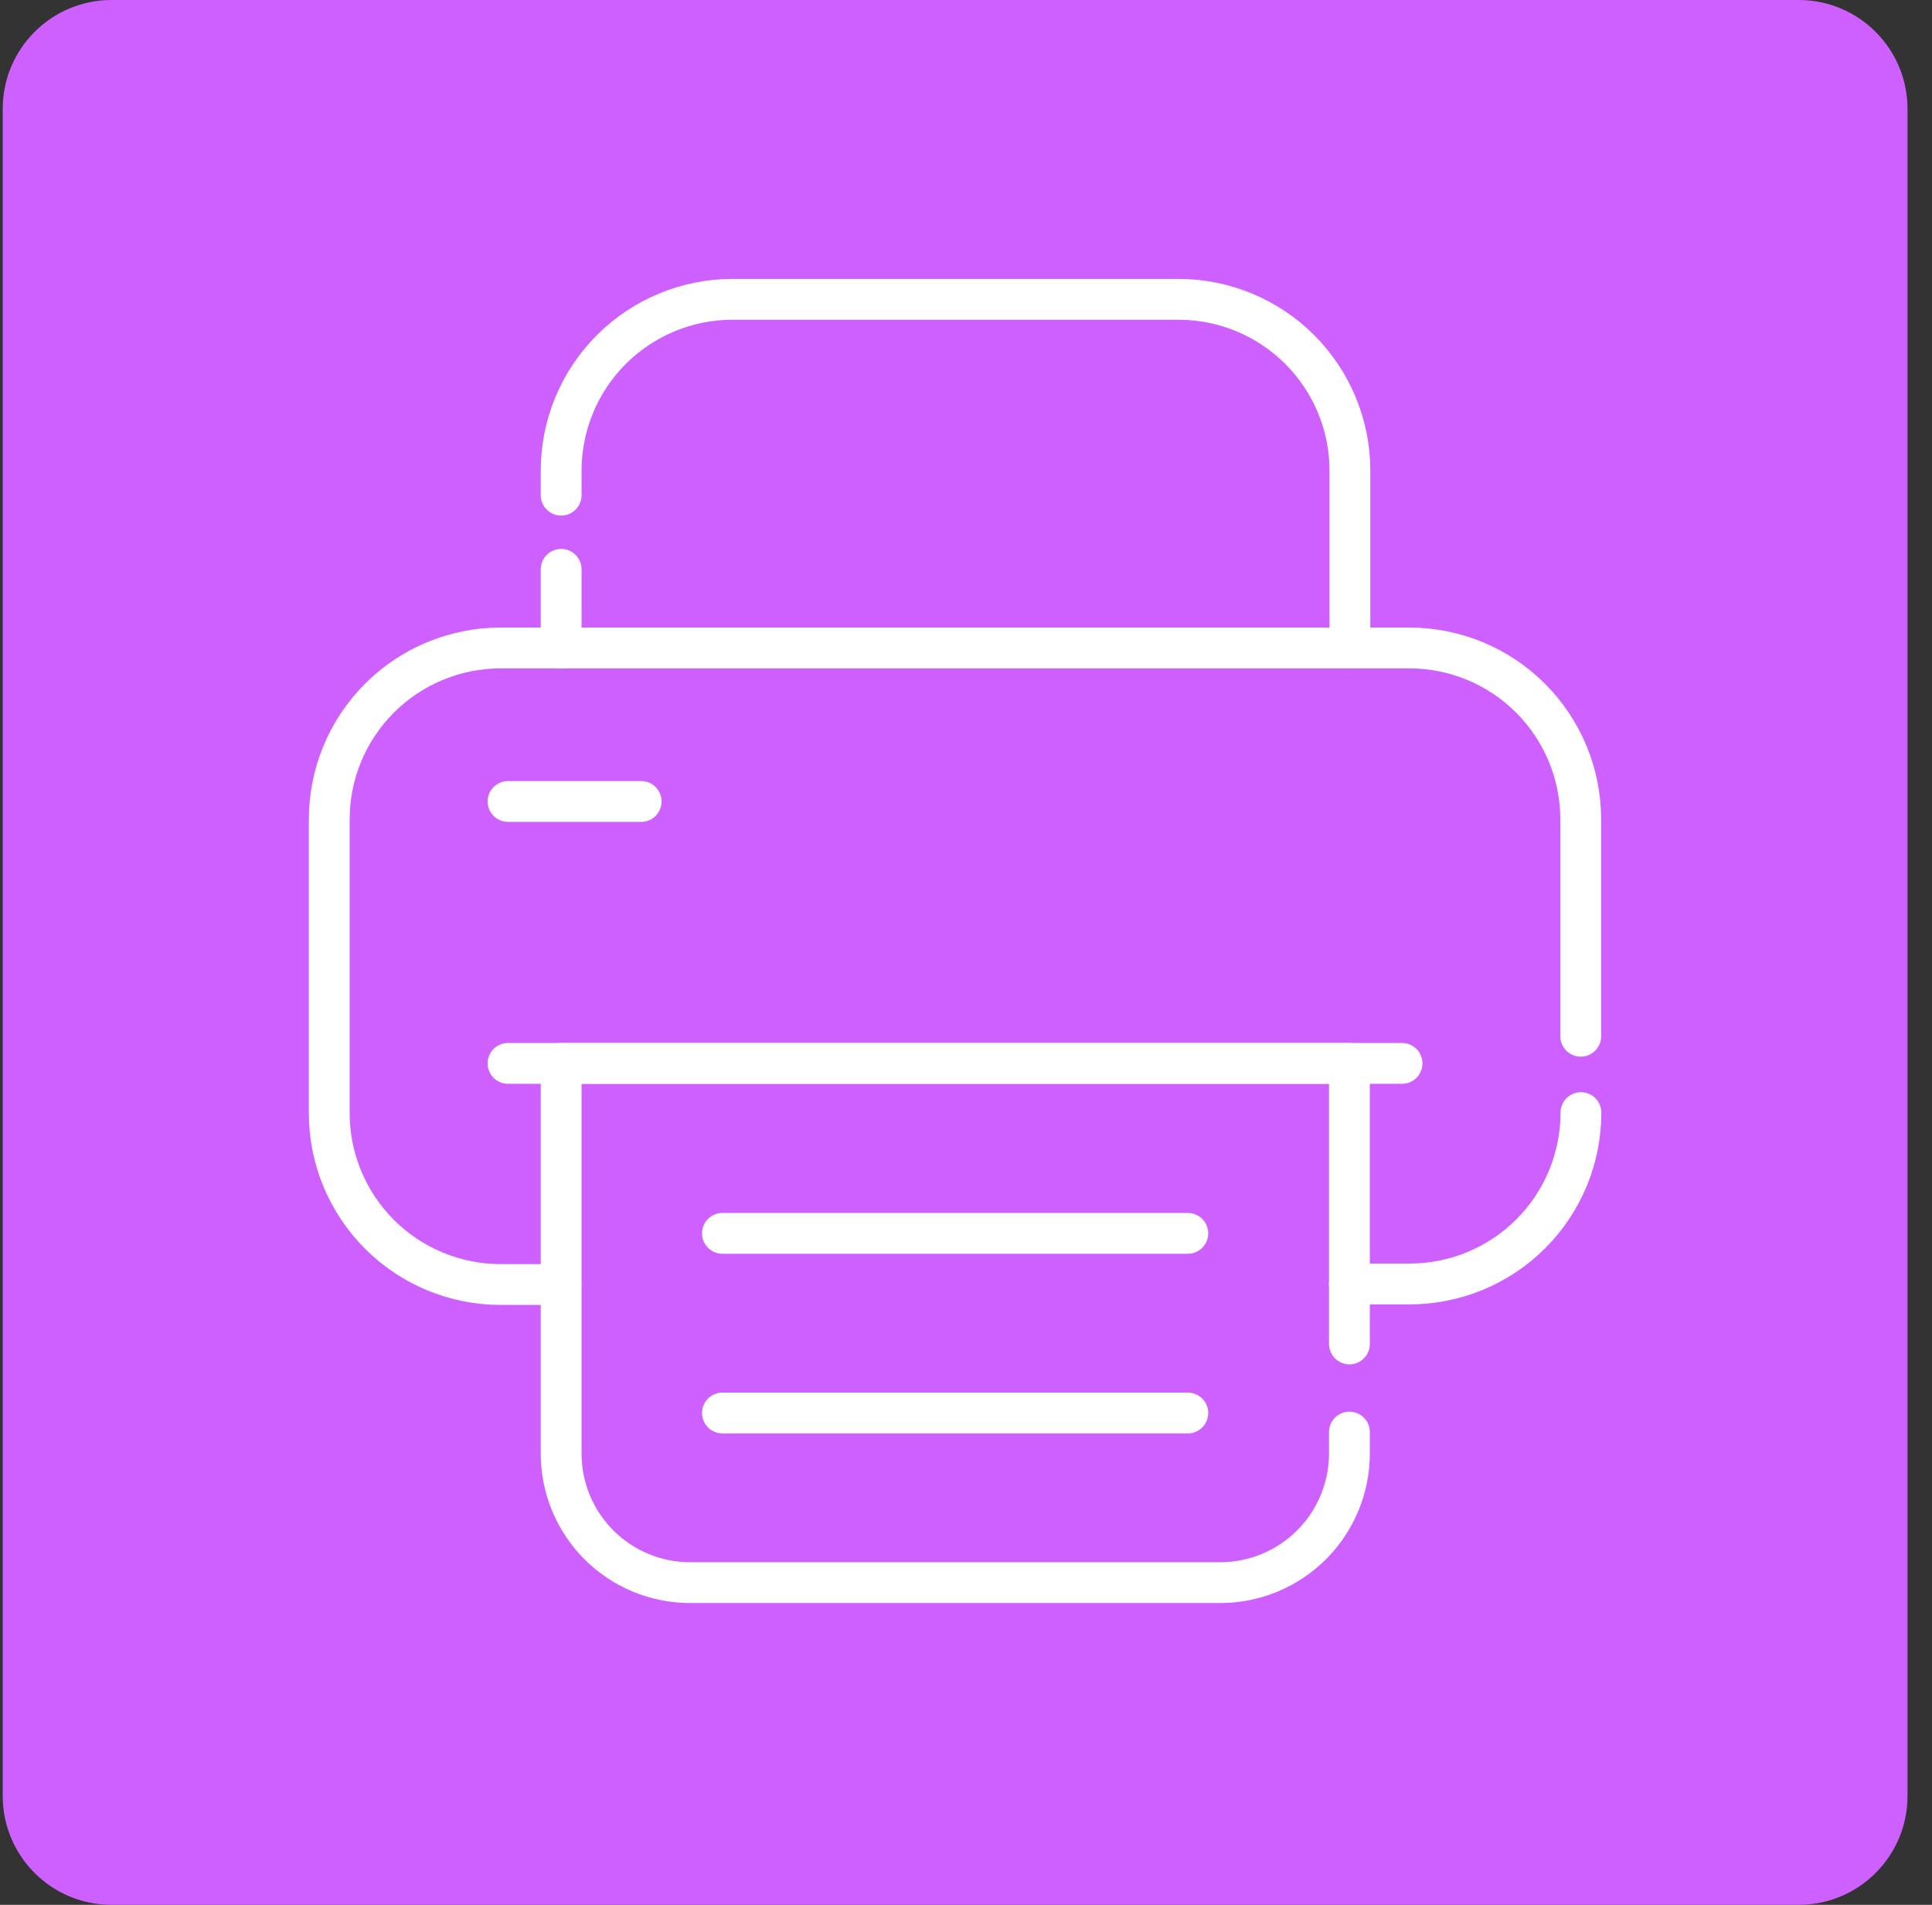 <svg width="71" height="70" viewBox="0 0 71 70" fill="none" xmlns="http://www.w3.org/2000/svg">
<rect x="0" y="0" width="71" height="70" fill="#333333" stroke="none"/>
<path d="M0.1 4C0.1 1.791 1.891 0 4.1 0H66.1C68.309 0 70.1 1.791 70.1 4V66C70.1 68.209 68.309 70 66.1 70H4.1C1.891 70 0.1 68.209 0.1 66V4Z" fill="#CE60FF"/>
<path d="M49.588 47.184H51.802C53.472 47.184 55.074 46.521 56.255 45.34C57.436 44.159 58.099 42.557 58.099 40.887V40.887" stroke="white" stroke-width="1.5" stroke-linecap="round" stroke-linejoin="round"/>
<path d="M58.091 38.081V30.11C58.091 28.44 57.428 26.838 56.246 25.657C55.066 24.476 53.464 23.812 51.793 23.812H18.398C16.727 23.812 15.126 24.476 13.945 25.657C12.764 26.838 12.1 28.44 12.1 30.11V40.906C12.1 42.576 12.764 44.178 13.945 45.359C15.126 46.54 16.727 47.204 18.398 47.204H20.611" stroke="white" stroke-width="1.5" stroke-linecap="round" stroke-linejoin="round"/>
<path d="M20.622 23.819V20.922" stroke="white" stroke-width="1.5" stroke-linecap="round" stroke-linejoin="round"/>
<path d="M20.622 18.197V17.298C20.622 15.627 21.285 14.026 22.466 12.845C23.647 11.664 25.249 11 26.919 11H43.311C44.981 11 46.583 11.664 47.764 12.845C48.945 14.026 49.609 15.627 49.609 17.298V23.793" stroke="white" stroke-width="1.5" stroke-linecap="round" stroke-linejoin="round"/>
<path d="M49.591 52.627V53.41C49.591 54.67 49.09 55.878 48.2 56.769C47.309 57.66 46.1 58.16 44.841 58.16H25.363C24.105 58.16 22.899 57.661 22.01 56.771C21.121 55.882 20.622 54.676 20.622 53.419V39.078H49.591V49.388" stroke="white" stroke-width="1.5" stroke-linecap="round" stroke-linejoin="round"/>
<path d="M18.669 29.453H23.563" stroke="white" stroke-width="1.5" stroke-linecap="round" stroke-linejoin="round"/>
<path d="M26.549 45.324H43.652" stroke="white" stroke-width="1.5" stroke-linecap="round" stroke-linejoin="round"/>
<path d="M26.549 51.926H43.652" stroke="white" stroke-width="1.5" stroke-linecap="round" stroke-linejoin="round"/>
<path d="M18.669 39.078H51.524" stroke="white" stroke-width="1.5" stroke-linecap="round" stroke-linejoin="round"/>
</svg>
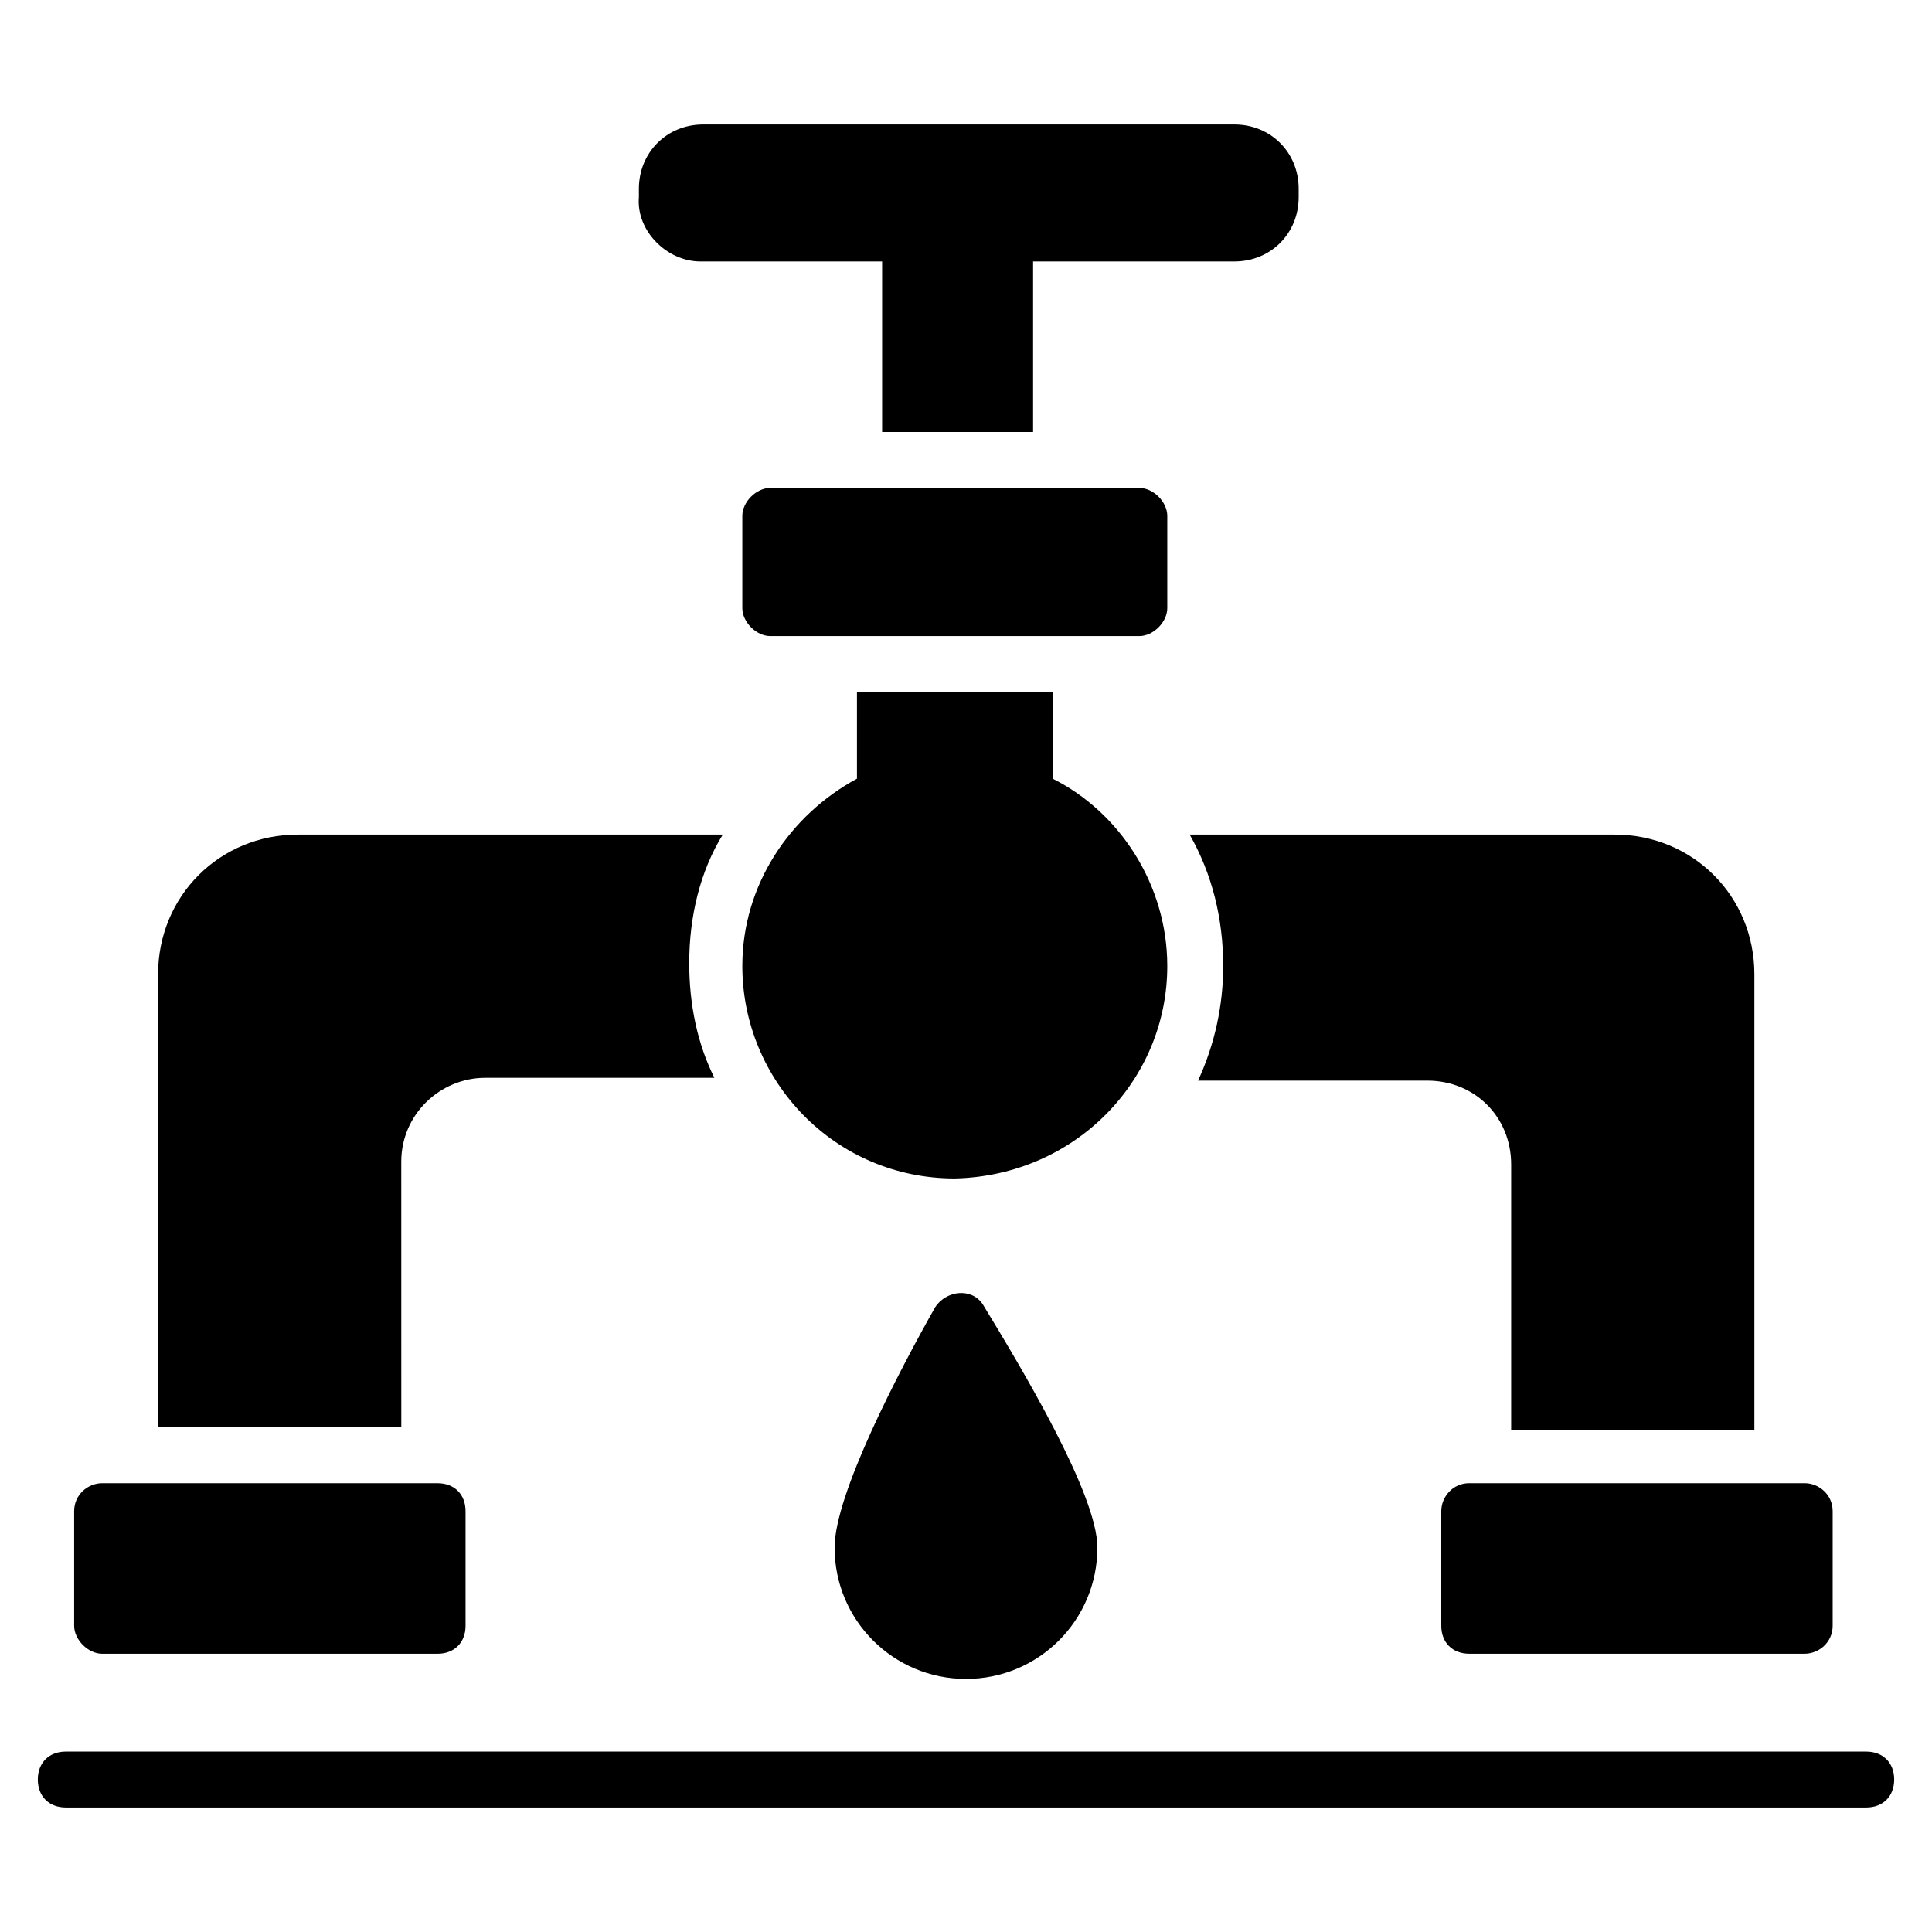 <?xml version="1.0" encoding="UTF-8"?>
<!-- Uploaded to: ICON Repo, www.svgrepo.com, Generator: ICON Repo Mixer Tools -->
<svg fill="#000000" width="800px" height="800px" version="1.1" viewBox="144 144 512 512" xmlns="http://www.w3.org/2000/svg">
 <g>
  <path d="m638.57 608.19h-477.14c-4.445 0-7.41 2.965-7.41 7.41 0 4.445 2.965 7.41 7.41 7.41h477.14c4.445 0 7.41-2.965 7.41-7.41 0-4.449-2.965-7.41-7.41-7.41z"/>
  <path d="m250.34 451.86c0-12.594 10.371-22.227 22.227-22.227h60.754c-4.445-8.891-6.668-19.262-6.668-30.375 0-12.594 2.965-24.449 8.891-34.082h-112.61c-20.746 0-37.043 16.301-37.043 37.043v120.02h64.457z"/>
  <path d="m468.16 400c0 10.371-2.223 20.746-6.668 30.375h60.754c12.594 0 22.227 9.633 22.227 22.227v70.387h64.457v-120.77c0-20.746-16.301-37.043-37.043-37.043l-112.62-0.004c5.93 10.375 8.891 22.227 8.891 34.824z"/>
  <path d="m525.95 544.47v30.375c0 4.445 2.965 7.41 7.41 7.41h88.906c3.703 0 7.41-2.965 7.41-7.41v-30.375c0-4.445-3.703-7.41-7.41-7.41h-88.906c-4.445 0-7.41 3.707-7.41 7.41z"/>
  <path d="m171.06 582.26h88.906c4.445 0 7.41-2.965 7.41-7.41v-30.375c0-4.445-2.965-7.41-7.41-7.41h-88.906c-3.703 0-7.41 2.965-7.41 7.41v30.375c0 3.707 3.703 7.41 7.41 7.41z"/>
  <path d="m453.34 280.71c0-3.703-3.703-7.41-7.41-7.41h-97.797c-3.703 0-7.41 3.703-7.41 7.41v24.449c0 3.703 3.703 7.41 7.41 7.41h97.797c3.703 0 7.41-3.703 7.41-7.41z"/>
  <path d="m329.61 213.29h48.16v45.195h40.008v-45.195h53.344c9.633 0 17.039-7.41 17.039-17.039v-2.223c0-9.633-7.41-17.039-17.039-17.039h-140.77c-9.633 0-17.039 7.41-17.039 17.039v2.223c-0.742 8.891 7.406 17.039 16.297 17.039z"/>
  <path d="m391.85 490.39c-9.633 17.039-26.672 49.641-26.672 63.719 0 19.262 15.559 34.82 34.82 34.82 19.262 0 34.82-15.559 34.82-34.82 0-14.078-20.004-47.418-30.375-64.457-2.961-4.445-9.629-3.707-12.594 0.738z"/>
  <path d="m453.34 400c0-21.484-12.594-40.75-30.375-49.641v-22.969h-51.863v22.969c-17.781 9.633-30.375 28.152-30.375 49.641 0 30.375 24.449 56.309 56.309 56.309 31.855-0.742 56.305-25.934 56.305-56.309z"/>
 </g>
</svg>

- The task: Only one stretch of the data is wanted: the lines from the one with "544.47v30.375c0 4.445 2.965" through the last, repeated exactly.

- Written answer:
  <path d="m525.95 544.47v30.375c0 4.445 2.965 7.41 7.41 7.41h88.906c3.703 0 7.41-2.965 7.41-7.41v-30.375c0-4.445-3.703-7.41-7.41-7.41h-88.906c-4.445 0-7.41 3.707-7.41 7.41z"/>
  <path d="m171.06 582.26h88.906c4.445 0 7.41-2.965 7.41-7.41v-30.375c0-4.445-2.965-7.41-7.41-7.41h-88.906c-3.703 0-7.41 2.965-7.41 7.41v30.375c0 3.707 3.703 7.41 7.41 7.41z"/>
  <path d="m453.34 280.71c0-3.703-3.703-7.41-7.41-7.41h-97.797c-3.703 0-7.41 3.703-7.41 7.41v24.449c0 3.703 3.703 7.41 7.41 7.41h97.797c3.703 0 7.41-3.703 7.41-7.41z"/>
  <path d="m329.61 213.29h48.16v45.195h40.008v-45.195h53.344c9.633 0 17.039-7.41 17.039-17.039v-2.223c0-9.633-7.41-17.039-17.039-17.039h-140.77c-9.633 0-17.039 7.41-17.039 17.039v2.223c-0.742 8.891 7.406 17.039 16.297 17.039z"/>
  <path d="m391.85 490.39c-9.633 17.039-26.672 49.641-26.672 63.719 0 19.262 15.559 34.82 34.82 34.82 19.262 0 34.82-15.559 34.82-34.82 0-14.078-20.004-47.418-30.375-64.457-2.961-4.445-9.629-3.707-12.594 0.738z"/>
  <path d="m453.34 400c0-21.484-12.594-40.75-30.375-49.641v-22.969h-51.863v22.969c-17.781 9.633-30.375 28.152-30.375 49.641 0 30.375 24.449 56.309 56.309 56.309 31.855-0.742 56.305-25.934 56.305-56.309z"/>
 </g>
</svg>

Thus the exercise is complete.